As explained above, the chemical experiment apparatus of the present invention includes an outer cylinder having an open upper part and a pipe communicating with the interior connected to the inside at least at one location in the lower part of the side wall, and an outer cylinder that is inserted through the open upper part of the outer cylinder. It consists of an inner cylinder that is slidably fitted to the inner surface of the outer cylinder and has at least a bottom part, and the pipe that communicates with the outer cylinder is provided with a plug for providing airtightness. , since at least the bottom of the outer cylinder and the top and bottom of the inner cylinder are made of a transparent material, and the bottom of the outer cylinder and the top and bottom of the inner cylinder are flat, there is no balance. It has the advantage that movement can be observed very accurately and easily.

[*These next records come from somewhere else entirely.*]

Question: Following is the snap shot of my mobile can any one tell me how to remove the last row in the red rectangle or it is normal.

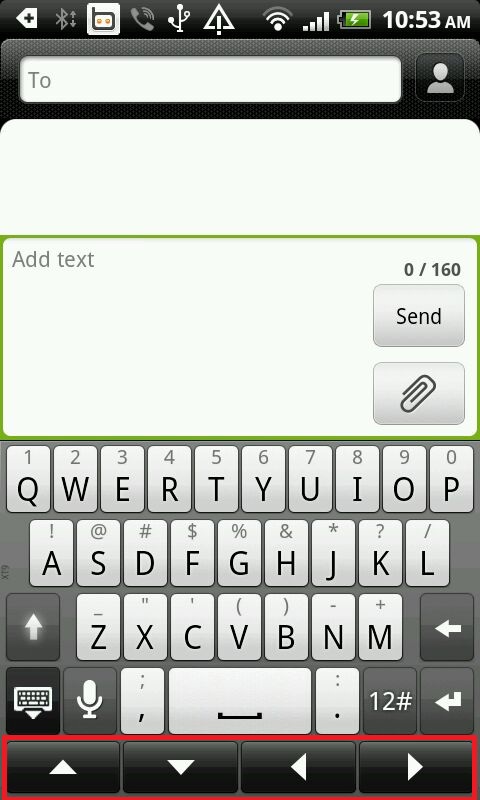
Answer: It is Absolutely normal, It is device specific. If you run your code in any other device then the Layout of keyboard may vary.
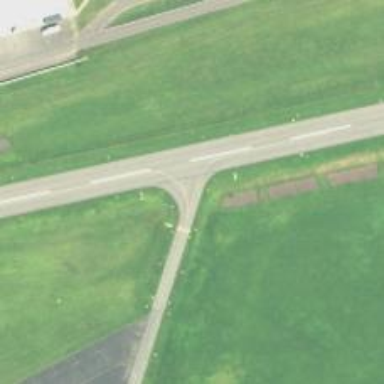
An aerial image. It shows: Image of taxiway at airport.
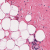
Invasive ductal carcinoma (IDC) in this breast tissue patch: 0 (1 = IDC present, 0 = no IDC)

[Brief explanation of drawings]

The drawings show an embodiment of the present invention, and FIG. 1 is a longitudinal sectional view showing an embodiment of the chemical experiment instrument of the present invention.
Fig. 2 is a vertical cross-sectional view of main parts showing another embodiment of the present invention, and Fig. 3 is an explanatory diagram showing a state in which color changes due to equilibrium movement are observed using the device of the present invention and a lux meter. be. 1... Chemical experiment equipment, 2... Outer cylinder, 3... Inner cylinder, 4... Upper part of outer cylinder, 5... Lower part of side wall, 6...
Pipe, 7... Plug, 8... Outer cylinder bottom, 9... Outer cylinder inner surface, 12... Inner cylinder bottom.

Claims (1)

[Scope of utility model registration request] An outer cylinder having an open top and a pipe communicating with the inside connected to at least one part of the bottom of the side wall; an inner cylinder that is movably fitted and has at least a bottom, and a pipe communicating with the outer cylinder is provided with a plug for providing airtightness, and at least the bottom of the outer cylinder, the upper part of the inner cylinder, and A chemical experiment device characterized in that the bottom portion is made of a transparent material, and the bottom portion of the outer cylinder and the top and bottom portions of the inner cylinder are configured to be flat.